Наступил 80-й год - год Олимпиады. Мы с ансамблем «Молодость» поехали работать в Курскую филармонию. Это был мой первый филармонический опыт. Директор этого ВИА после концерта, который они давали у нас в городе, случайно попал на наше выступление. Слушал-слушал, как мы наяриваем «Deep Purple», и пригласил меня поработать клавишником. Было очень лестно, что меня приглашают в филармонию, и я поехал. Родители отпустили легко: они прекрасно понимали, что силой меня не удержишь, да и уговорами не возьмешь.
Вот тогда, на гастролях, я был резко испорчен многочисленными девушками, посещавшими концертные площадки. В каждом городе нас встречала целая толпа любительниц музыкантов-гастролеров. Специализация у них была такая - обожали артистов! Откуда они брались, я не знаю, и, думаю, никто из нас особо над этим вопросом не задумывался.

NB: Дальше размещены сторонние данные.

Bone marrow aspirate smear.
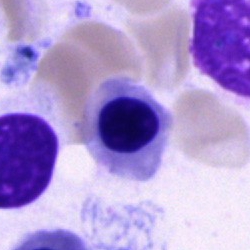
This is a nucleated red cell.
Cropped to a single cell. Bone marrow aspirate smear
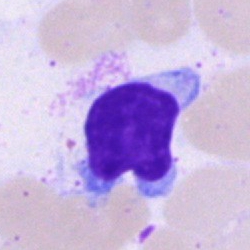Cell type = typical lymphocyte.
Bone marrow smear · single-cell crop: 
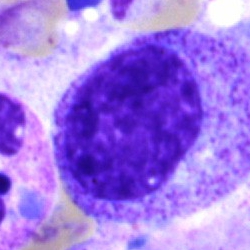 Classification — promyelocyte.
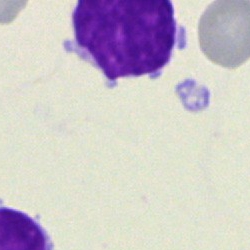Classification = lymphocyte.
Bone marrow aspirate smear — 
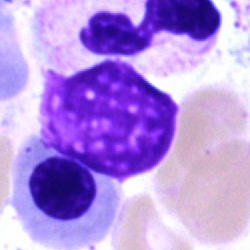

Morphology — artifact.
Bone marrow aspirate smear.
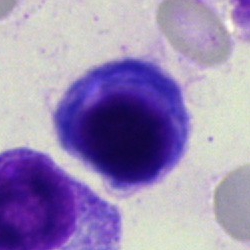Morphology → nucleated red cell.
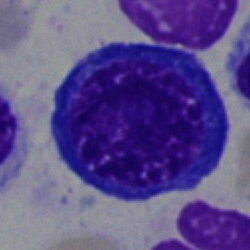

Q: What is shown here?
A: This is a nucleated red cell.
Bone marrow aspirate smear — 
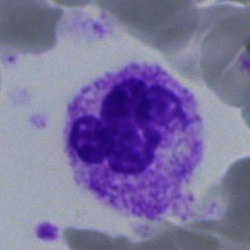

Morphology → segmented neutrophil.
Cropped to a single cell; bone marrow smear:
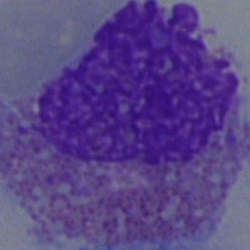

This is an eosinophilic granulocyte.
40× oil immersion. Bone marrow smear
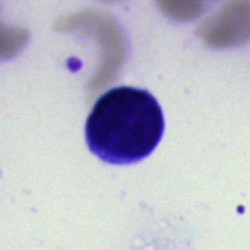 Cell — typical lymphocyte.
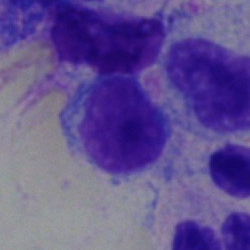

Single-cell crop from a bone marrow smear: lymphocyte.
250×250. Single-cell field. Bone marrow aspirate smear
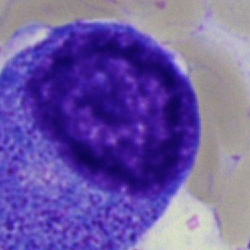Impression → promyelocyte.
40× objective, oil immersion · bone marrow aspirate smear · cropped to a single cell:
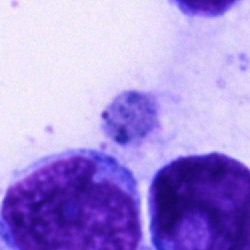Cell of indeterminate lineage.
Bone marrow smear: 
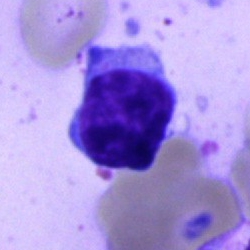

{"cell_type": "typical lymphocyte"}
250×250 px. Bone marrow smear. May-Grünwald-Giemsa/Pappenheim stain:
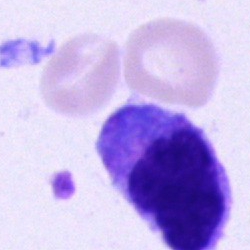

The cell shown is a monocyte.
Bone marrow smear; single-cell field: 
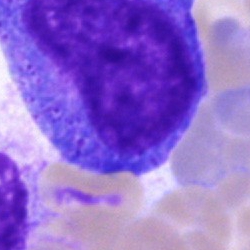

Morphology consistent with a progranulocyte.

Девицы проникали каким-то образом на репетиции, просачивались в гостиницы, мы проводили своих поклонниц за кулисы. Нам ведь тоже нужен был пафос! А еще по молодости страшно важно было их количество, хотя это чушь собачья! Но не участвовать в подобного рода игрищах было по меньшей мере неприлично. А еще мы все любили хвастаться, у кого больше поклонниц. Естественно, после общения с девушками приходилось заниматься самолечением. Обращаться к врачу считалось верхом предательства, потому что вычислялась вся цепочка. Друзья могли тебя убить презрением: «Ты нас сдал!», потому что с этим тогда было строго: на работу отсылали бумаги, и все мгновенно становилось достоянием гласности.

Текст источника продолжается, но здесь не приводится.